Why: Debugger automatically detects training issues by monitoring tensors (weights, gradients, outputs) during training. Built-in rules detect: vanishing/exploding gradients, overfitting, poor weight initialization, tensor value issues (NaN, infinity), and stalled training. The exam tests understanding of when to use Debugger (training failures, unexpected poor performance, convergence issues), interpreting Debugger outputs (rule violations, tensor analysis), and remediation strategies based on detected issues (adjust learning rate for exploding gradients, change initialization for dead neurons, add regularization for overfitting).

AWS Documentation:

AWS Service FAQs

AWS Whitepapers

Final Thoughts

Domain 2 focuses on the core ML engineering skills of model development - selecting appropriate algorithms, training efficiently, and evaluating rigorously.

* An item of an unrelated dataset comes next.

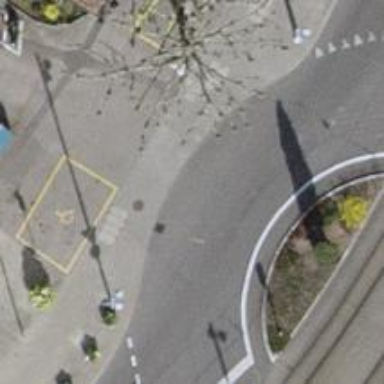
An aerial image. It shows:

Master algorithm selection by problem type, understanding when built-in SageMaker algorithms are optimal versus custom implementations. Hyperparameter tuning is central to achieving strong model performance, so invest time understanding Bayesian optimization with SageMaker AMT and efficient tuning strategies. Model evaluation requires deep metric knowledge - know when to prioritize precision versus recall, how to interpret learning curves to diagnose overfitting/underfitting, and use SageMaker Clarify for bias detection and explainability. SageMaker Debugger helps troubleshoot training convergence issues that waste resources. Model Registry and Experiments enable reproducible ML engineering and systematic model management. Success in this domain requires both theoretical ML knowledge and practical SageMaker implementation skills, so complement documentation study with extensive hands-on training jobs across different problem types, algorithms, and optimization techniques.